Donna: I think potatoes are fine, and for that reason we have the red skin potatoes on the diet because they are providing that resistant starch. You want to watch out for sugar, though, because candidiasis is such a problem. Red skin potatoes are the lowest in starch and sugar … I think those are great too.
Dave: What about lectins? Aren’t those a substantial issue for 20% of people at least?
Donna: Now what we’re really talking about are people who have got problems, because we shouldn’t be reacting to simple components of food like that. When I find people reacting to histamine or lectins and so on, it’s because this lack this inner ecosystem, and they don’t have the bacteria going in their body on a regular basis, hardy robust bacteria, diversity of bacteria that is so critical. That’s what allows us to eat a lot of foods that we’re reacting to.
Dave: I’ve read studies that say 20% of all cases of rheumatoid arthritis come from the nightshade family. Potatoes, tomatoes, eggplants, bell peppers. I’ve had so many clients and other people on the blog, they’re like, “Wow! I thought you were nuts. I enjoy my red pepper flakes, whatever it is, but I finally for a week tried doing no nightshades, and what do you know? All of my problems resolved, and I feel like my little brain fog went away. Like wow! I didn’t know I could feel this good.” Others are like, “I’m pretty darn … I tested it either way. I do perfectly fine with it.”

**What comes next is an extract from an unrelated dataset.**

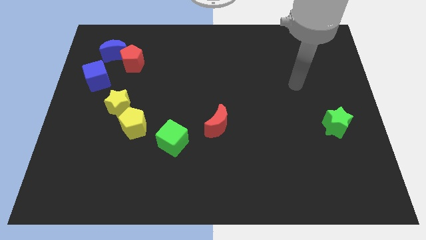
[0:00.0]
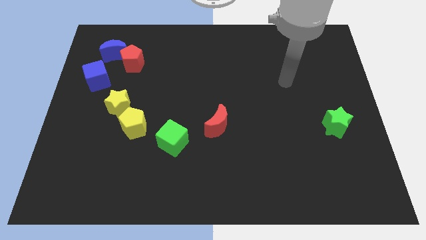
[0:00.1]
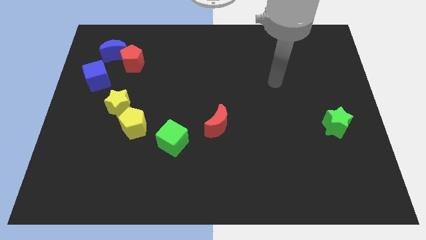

Donna: Eggplant and tomatoes are two of those nightshades, and they have histamine in them. Food has histamine in it, and our body, as you know, creates histamine. I usually tell people, “Stay off those nightshades for the most part except for the red skin potatoes,” and that’s just if they tolerate them.
One of our seven principles in Body Ecology is the principle of uniqueness. If there’s something that we’re saying is safe for eating because it doesn’t feed yeast, it doesn’t mean it should be in your body, because your body is unique and it might be bothering you.
Dave: It’s kind of funny because on the Bulletproof Diet as a road map, I’m like, “Here’s the cleanest, least inflammatory, least offensive things possible. Get them all. Then start adding in red potatoes or whatever else and see what you react to.” I find that a huge number of people react to things that they didn’t know they were reacting to, which is kind of what you would do on a food-elimination diet, which I did a long time ago. In the mid to late ’90s I was working on that.
The problem is, it takes months and months to eliminate a class of foods and then add them back in one at a time. It’s kind of easier to just eliminate everything and then add them back in one at a time. That explains [crosstalk 00:26:20]-
Donna: I want to add one little thing too. I disagree with [inaudible 00:26:24]-
Dave: With which one?
Donna: A statement that somebody made about arthritis, because I know another cause of arthritis is oxalates [crosstalk 00:26:30]-
Dave: Oh yeah!
Donna: Another issue is very often that they’re just toxic. [They’re 00:26:35] toxins. The liver hasn’t for a long long time been able to really process toxins. In Chinese medicine, the liver affects our skin, our eyes, our joints, so that creaky joints and stiffness and everything is coming because our liver is getting more congested. I think it can be numerous thing, not just one thing causing that.
Dave: That was only 20% of all the cases. The other 80% … Yeah, oxalates are a huge thing, and especially on the latest Bulletproof Diet infographic, which if you haven’t heard, this is your first time hearing the show, BulletproofDietBook.com, you can download it for free. When you check that out though, what you’ll find is I’m like, “You have to cook these vegetables because of the oxalic acid connection.”
All these people doing this raw kale smoothie thing, I’ve written like, “Here’s the protocol for removing oxalates and oxalic acid.” Because if you don’t, it is going to mess you up.
Donna: Actually, it’s not just cooking them. Believe it or not, sweet potatoes and green beans are high oxalates, spinach. You need to cook them in water and then throw-
Donna: [crosstalk 00:27:39] Water. Quinoa and millet, by the way, they’re seeds. Okay, so here are your high-oxalate foods. There’s [inaudible 00:27:45] chocolate, spinach, and nuts and seeds would be quinoa and millet. Then there’s a whole bunch of other vegetables, like sweet potatoes and green beans, as I mentioned.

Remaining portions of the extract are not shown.